May 9, 2012, 11:03 AM EDT

Roger Clemens

The Roger Clemens trial got entertaining yesterday as ex-steroids dealer Kirk Radomski — made famous in the Mitchell Report — took the stand.

He was fun at least. Lively. Animated. Entertaining even, for a jury that has been mostly bored to tears.  The problem, though, is that the big piece of evidence he provided isn’t terribly big:

Radomski’s key piece of evidence is a shipment of HGH he said he sent to Clemens’ house about a decade ago. Radomski showed the jury an old, torn shipping label he found under his television set in his bedroom in June 2008. Federal agents had failed to find the label when they searched his home three years earlier – because they apparently didn’t look under what Radomski called his huge, old-model “dinosaur of a TV.”

The label was addressed to Brian McNamee, Clemens’ former strength coach, at Clemens’ home address in Texas. Radomski said the shipment was for two kits of HGH – “about 50-100 needles” – and estimated it took place in 2002.

It’s not irrelevant. I mean, it meets the definition of evidence that has ” the tendency to make the existence of any fact that is of consequence to the determination of the action more probable or less probable than it would be without the evidence,” as Rule 401 says.  It could, if the jury is otherwise inclined to convict Clemens, support that conviction.

But really: a long lost scrap of paper from underneath a drug dealer’s TV, from a package that was sent to someone who is not the defendant? I can’t say that will have a ton of weight, especially in these post-CSI days when jurors expect a ton more from physical evidence than that which could reasonably be given.

So, fun. Maybe relevant. But this trial still turns 100% on whether the jury will believe Brian McNamee.  That’s all that matters.

  1. latchbeam - May 9, 2012 at 11:11 AM

    This is an absolute joke!! Can’t the government spend the time and resources on something to create a job instead of this?? A drug dealer, scumbags word is enough to try this case?? TWICE??

    • skids003 - May 9, 2012 at 12:16 PM

      For real, something relevant like “Fast and Furious” or something.

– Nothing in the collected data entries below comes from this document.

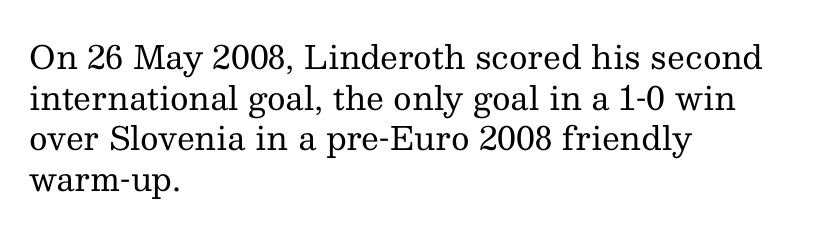
The image shows 32 px regular-weight serif type, upright; set left-aligned, normal line spacing (1.27x), normal letter spacing, not underlined; medium stroke contrast and a medium x-height.
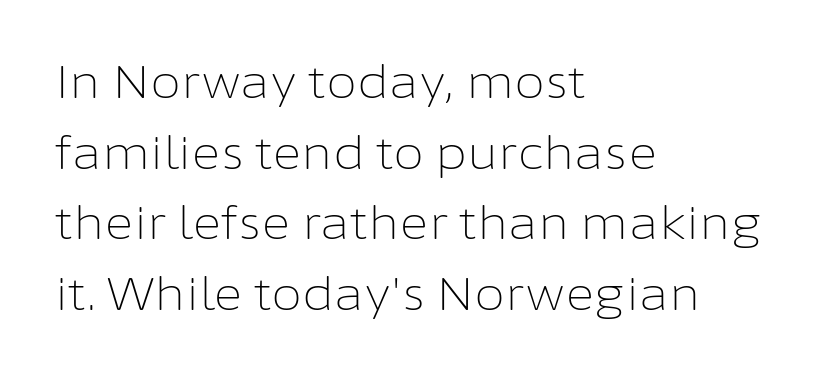
The image shows 45 px light sans-serif type, upright; set left-aligned, normal line spacing (1.57x), normal letter spacing, not underlined; low stroke contrast and a medium x-height.
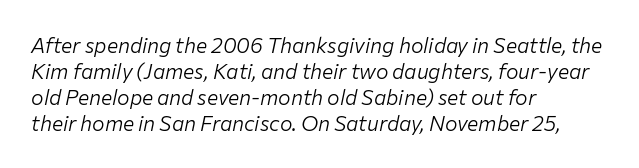
The image shows 21 px text type, italic (leaning right); set left-aligned, line spacing 1.24x, normal letter spacing, not underlined.
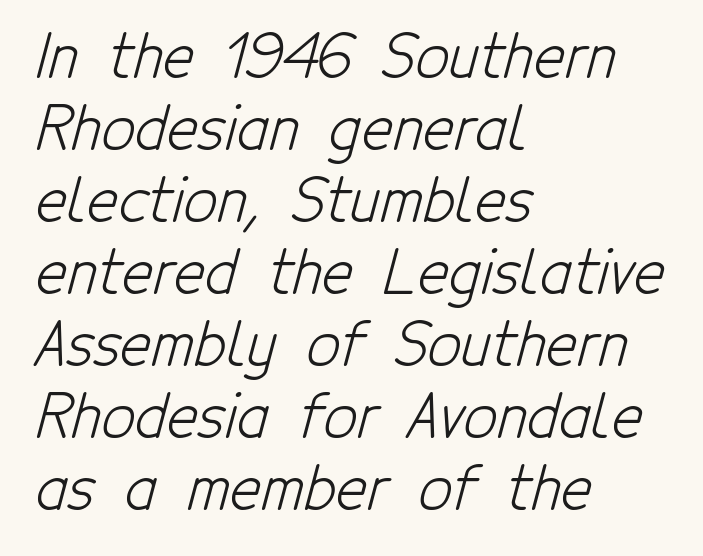
The image shows 59 px light, condensed sans-serif type; set left-aligned, line spacing 1.22x, normal letter spacing, not underlined; low stroke contrast and a medium x-height.
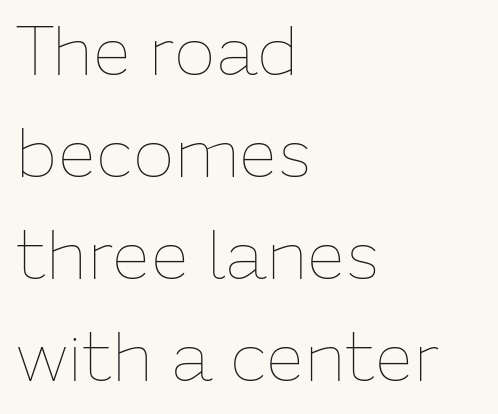
{"italic": "no", "bold": "no", "weight": "thin", "width": "normal", "stroke_contrast": "low", "x_height": "medium", "monospaced": "no", "underline": "no", "align": "left", "line_spacing": "normal", "line_spacing_ratio": 1.48, "letter_spacing": "normal", "letter_spacing_em": 0.0, "glyph_px": 69}

    • ltzep75 - May 9, 2012 at 1:23 PM

      Plenty of lawyers are being employed due to this trial. Does that count?

    • ghouchens - May 9, 2012 at 9:49 PM

      government lawyers don’t like to lose or have their cases tossed out by judges. It is an ego thing.

  2. WhenMattStairsIsKing - May 9, 2012 at 11:17 AM

    Whether Clemens is found guilty or not, his legacy’s horribly tainted and the world knows what a stubborn douchebag he really is.

    • 18thstreet - May 9, 2012 at 12:49 PM

      I think he should be convicted for the 1990 ALCS. Now, what’s this about steroids?

      • skids003 - May 9, 2012 at 4:48 PM

        Is that the one where he threw the broken bat at Piazza? I’ve never forgiven Piazza for not charging the mound and kicking his arrogant butt.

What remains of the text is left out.